▸ Activity
Word for word, repeat all the entries below, but without the pictures.
———
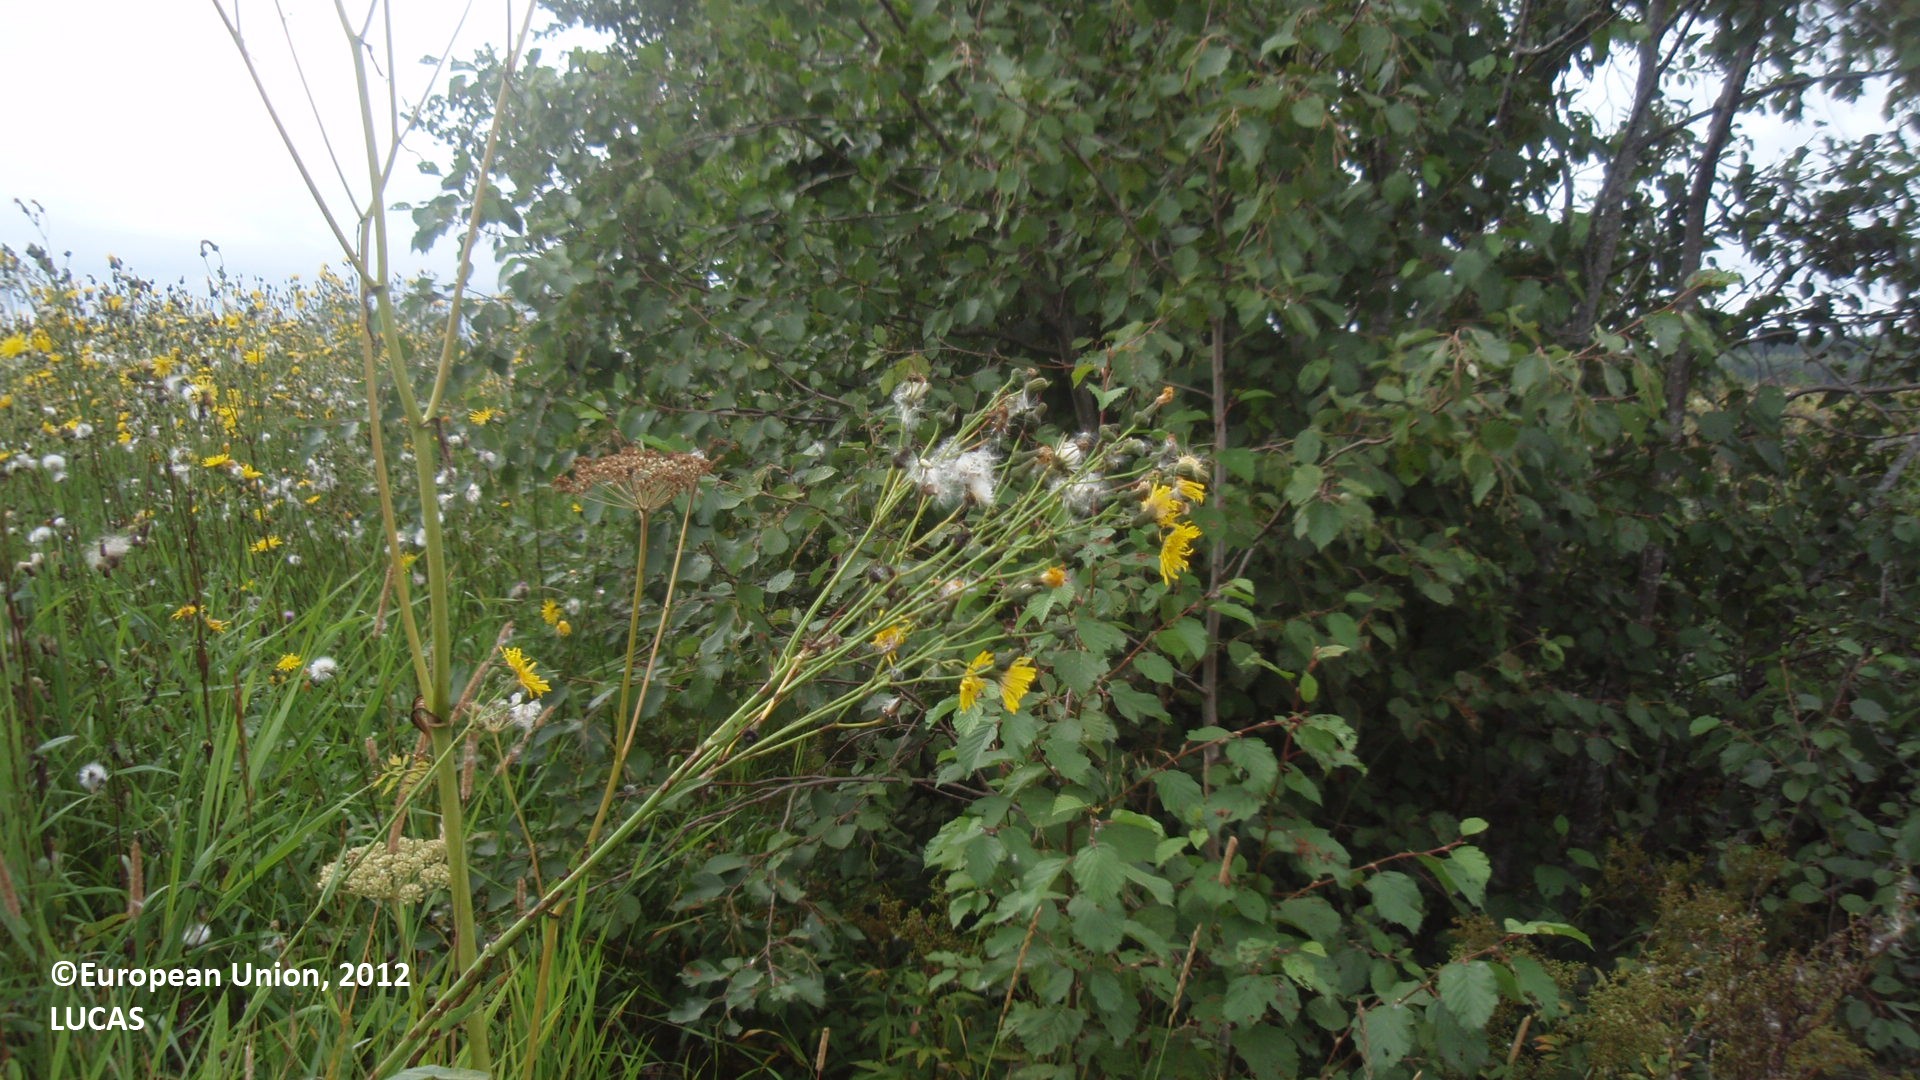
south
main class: Cropland
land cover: Mixed cereals for fodder
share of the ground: > 75 %
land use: Agriculture (excluding fallow land and kitchen gardens)
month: August
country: FI
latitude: 61.0411
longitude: 26.6907
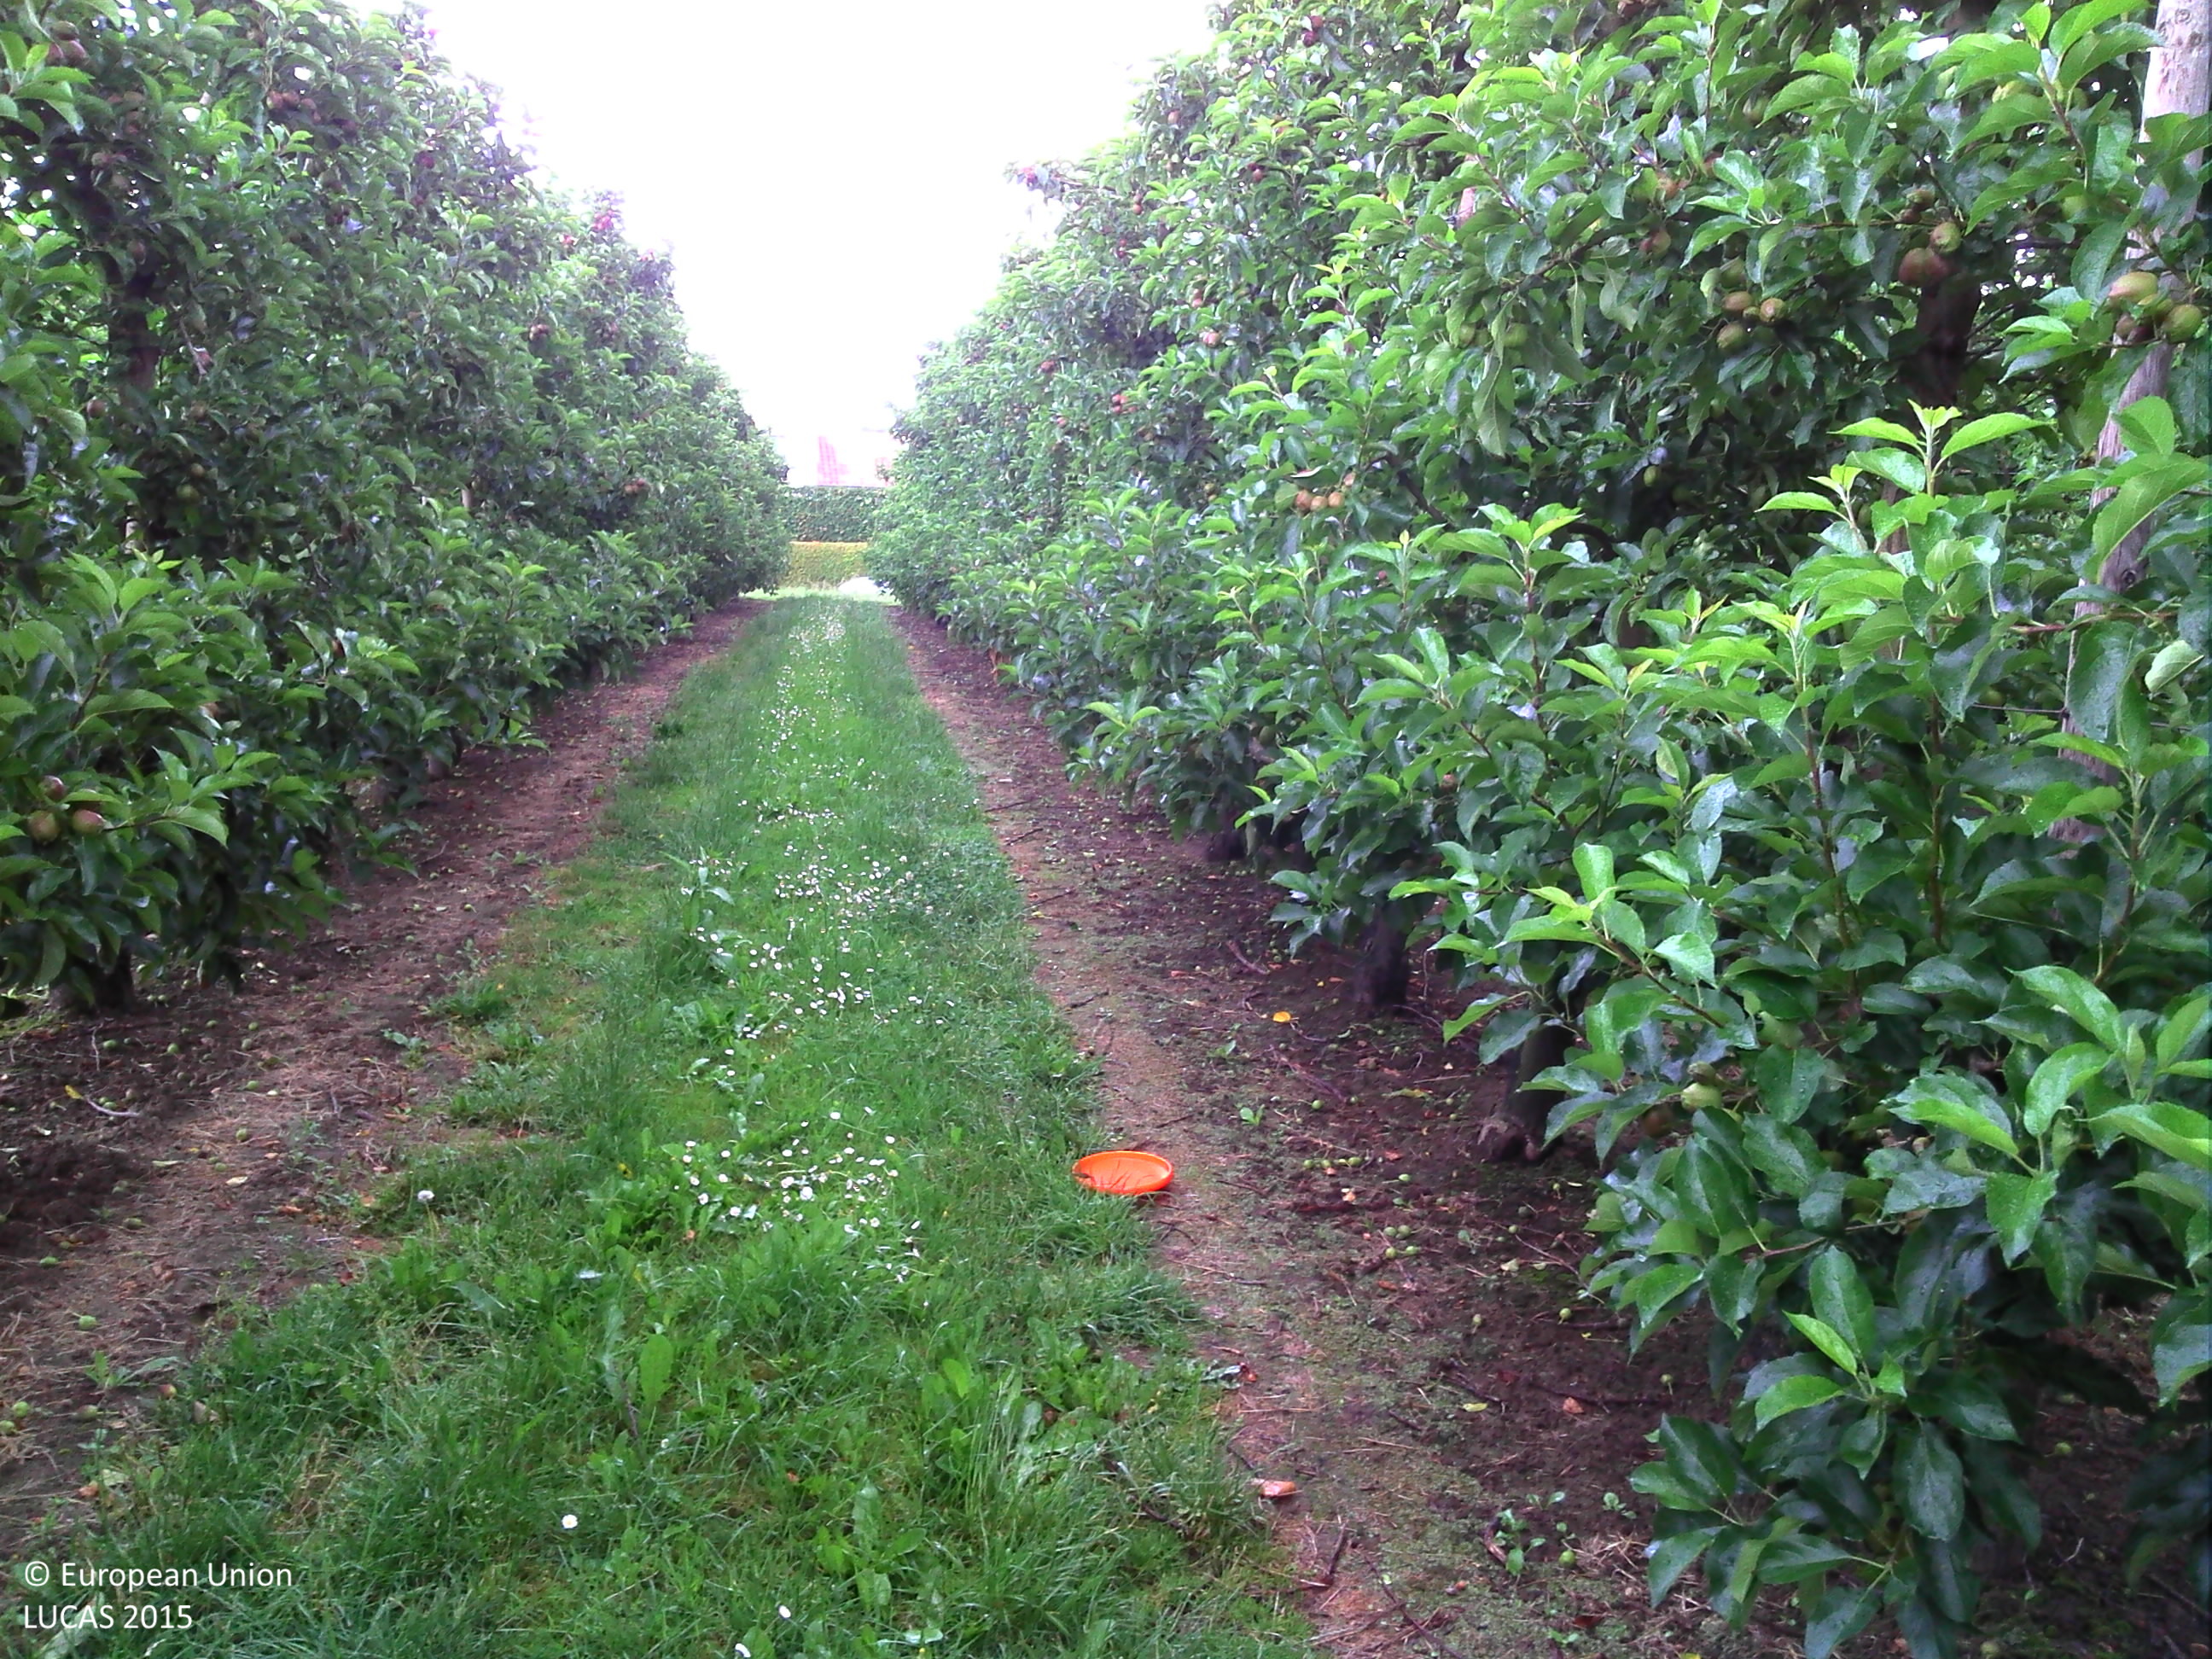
———
▸ Reply
south
main class: Cropland
land cover: Mixed cereals for fodder
share of the ground: > 75 %
land use: Agriculture (excluding fallow land and kitchen gardens)
month: August
country: FI
latitude: 61.0411
longitude: 26.6907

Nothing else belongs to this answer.